Jul 16, 2008, 3:00 PM

Post #7 of 22 (1112 views)
Permalink
Re: Re: cronjobs v1.2 rc1 OCF resource agent now available [In reply to]

On 2008-07-15T15:18:26, Dejan Muhamedagic <dejanmm[at]fastmail.fm> wrote:

> There's a tool in Debian which finds bashisms:
>
> checkbashisms(1)
>
> It should find most of bash features. Otherwise, I don't know any
> conversion guides. You should be able to find shell references on
> Internet. If in doubt, please ask on the list.

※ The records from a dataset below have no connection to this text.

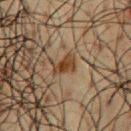Q: Was this lesion biopsied?
A: catalogued during a skin exam; not biopsied
Q: Patient demographics?
A: male, aged around 60
Q: What is the lesion's diameter?
A: about 3 mm
Q: Where on the body is the lesion?
A: the chest
Q: What lighting was used for the tile?
A: cross-polarized illumination
Q: How was this image acquired?
A: 15 mm crop, total-body photography
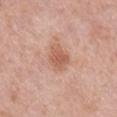workup — catalogued during a skin exam; not biopsied | lesion size — ~3 mm (longest diameter) | subject — female, approximately 50 years of age | imaging modality — 15 mm crop, total-body photography | tile lighting — white-light | location — the right lower leg.
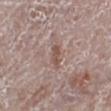Recorded during total-body skin imaging; not selected for excision or biopsy. This image is a 15 mm lesion crop taken from a total-body photograph. A male patient aged approximately 70. The lesion is on the leg. This is a white-light tile. The recorded lesion diameter is about 2.5 mm.
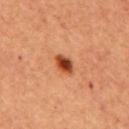The lesion was photographed on a routine skin check and not biopsied; there is no pathology result. Longest diameter approximately 3 mm. Imaged with cross-polarized lighting. A male patient roughly 65 years of age. This image is a 15 mm lesion crop taken from a total-body photograph. The lesion is located on the chest.
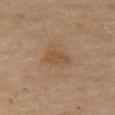The lesion was tiled from a total-body skin photograph and was not biopsied. About 3 mm across. Located on the left thigh. Cropped from a total-body skin-imaging series; the visible field is about 15 mm. Automated image analysis of the tile measured a border-irregularity rating of about 4/10, a color-variation rating of about 1/10, and peripheral color asymmetry of about 0.5. The software also gave a nevus-likeness score of about 5/100 and a lesion-detection confidence of about 100/100. This is a cross-polarized tile. The patient is a female aged 58–62.
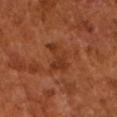Impression: Captured during whole-body skin photography for melanoma surveillance; the lesion was not biopsied. Context: A male patient, approximately 65 years of age. A 15 mm close-up extracted from a 3D total-body photography capture.
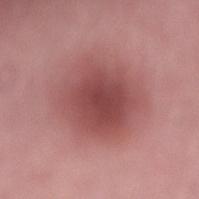Assessment:
Imaged during a routine full-body skin examination; the lesion was not biopsied and no histopathology is available.
Background:
Captured under white-light illumination. The lesion is located on the lower back. Approximately 6.5 mm at its widest. The subject is a male roughly 55 years of age. Cropped from a whole-body photographic skin survey; the tile spans about 15 mm.
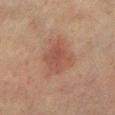Clinical impression: Imaged during a routine full-body skin examination; the lesion was not biopsied and no histopathology is available. Background: The lesion is on the leg. A male subject, in their mid-70s. Longest diameter approximately 4.5 mm. The tile uses cross-polarized illumination. A 15 mm crop from a total-body photograph taken for skin-cancer surveillance.
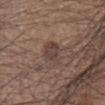Clinical impression: No biopsy was performed on this lesion — it was imaged during a full skin examination and was not determined to be concerning. Background: The total-body-photography lesion software estimated a border-irregularity index near 2.5/10 and a peripheral color-asymmetry measure near 1. The analysis additionally found a nevus-likeness score of about 10/100 and a lesion-detection confidence of about 100/100. Approximately 3.5 mm at its widest. This is a white-light tile. The subject is a male aged around 45. A 15 mm close-up tile from a total-body photography series done for melanoma screening. From the right lower leg.
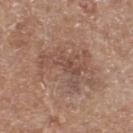The lesion was tiled from a total-body skin photograph and was not biopsied.
Located on the right thigh.
A lesion tile, about 15 mm wide, cut from a 3D total-body photograph.
The patient is a female aged approximately 75.
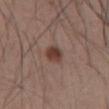  biopsy_status: not biopsied; imaged during a skin examination
  lighting: white-light
  automated_metrics:
    area_mm2_approx: 5.0
    eccentricity: 0.45
    shape_asymmetry: 0.2
    vs_skin_darker_L: 11.0
    vs_skin_contrast_norm: 9.0
    border_irregularity_0_10: 1.5
    color_variation_0_10: 4.0
  image:
    source: total-body photography crop
    field_of_view_mm: 15
  patient:
    sex: male
    age_approx: 55
  lesion_size:
    long_diameter_mm_approx: 2.5
  site: abdomen
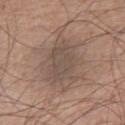  biopsy_status: not biopsied; imaged during a skin examination
  site: right thigh
  patient:
    sex: male
    age_approx: 60
  image:
    source: total-body photography crop
    field_of_view_mm: 15
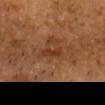Clinical summary: The lesion is located on the front of the torso. A male patient aged around 60. A region of skin cropped from a whole-body photographic capture, roughly 15 mm wide. Measured at roughly 2.5 mm in maximum diameter. Automated tile analysis of the lesion measured a lesion area of about 3 mm², a shape eccentricity near 0.85, and a shape-asymmetry score of about 0.25 (0 = symmetric). The analysis additionally found about 7 CIELAB-L* units darker than the surrounding skin. The software also gave a nevus-likeness score of about 0/100.
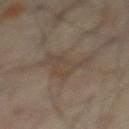{"biopsy_status": "not biopsied; imaged during a skin examination", "image": {"source": "total-body photography crop", "field_of_view_mm": 15}, "site": "front of the torso", "patient": {"sex": "male", "age_approx": 65}}
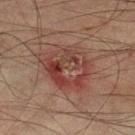workup=no biopsy performed (imaged during a skin exam) | illumination=cross-polarized | image source=15 mm crop, total-body photography | patient=male, about 75 years old | lesion diameter=≈6.5 mm | body site=the left lower leg | TBP lesion metrics=an average lesion color of about L≈35 a*≈20 b*≈21 (CIELAB), a lesion–skin lightness drop of about 7, and a normalized lesion–skin contrast near 7; internal color variation of about 8.5 on a 0–10 scale and peripheral color asymmetry of about 3; an automated nevus-likeness rating near 0 out of 100 and a lesion-detection confidence of about 100/100.
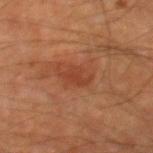This lesion was catalogued during total-body skin photography and was not selected for biopsy. The lesion is located on the right thigh. Imaged with cross-polarized lighting. The lesion's longest dimension is about 3.5 mm. A male subject in their mid- to late 60s. This image is a 15 mm lesion crop taken from a total-body photograph.
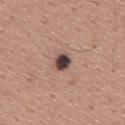Findings:
– notes: total-body-photography surveillance lesion; no biopsy
– image: ~15 mm crop, total-body skin-cancer survey
– automated lesion analysis: a mean CIELAB color near L≈43 a*≈16 b*≈18, a lesion–skin lightness drop of about 19, and a lesion-to-skin contrast of about 14.5 (normalized; higher = more distinct)
– body site: the mid back
– lesion size: ~2.5 mm (longest diameter)
– subject: male, in their mid- to late 40s
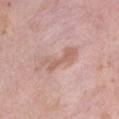  biopsy_status: not biopsied; imaged during a skin examination
  site: right thigh
  image:
    source: total-body photography crop
    field_of_view_mm: 15
  patient:
    sex: female
    age_approx: 40
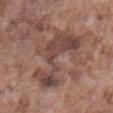The lesion was photographed on a routine skin check and not biopsied; there is no pathology result.
This image is a 15 mm lesion crop taken from a total-body photograph.
A male subject aged 73 to 77.
From the abdomen.
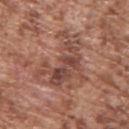The lesion was tiled from a total-body skin photograph and was not biopsied. The total-body-photography lesion software estimated an average lesion color of about L≈47 a*≈22 b*≈26 (CIELAB), about 9 CIELAB-L* units darker than the surrounding skin, and a normalized border contrast of about 7. It also reported a border-irregularity rating of about 9.5/10 and radial color variation of about 2.5. From the upper back. A male patient, roughly 75 years of age. A 15 mm close-up tile from a total-body photography series done for melanoma screening. Captured under white-light illumination.
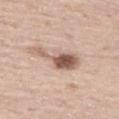Q: Is there a histopathology result?
A: total-body-photography surveillance lesion; no biopsy

We pull in XML libraries, python, perl, tls, not to mention that the
cluster will usually be hosting an actual application or several, but
then try to not require bash - a package which is smaller than even the
heartbeat package.

That is, sorry, a complete waste of time. I never understood why the
project even bothered, and figure it must be some archaic time where
bash was not universally available.

Just put bash into the default dependencies and be done with it.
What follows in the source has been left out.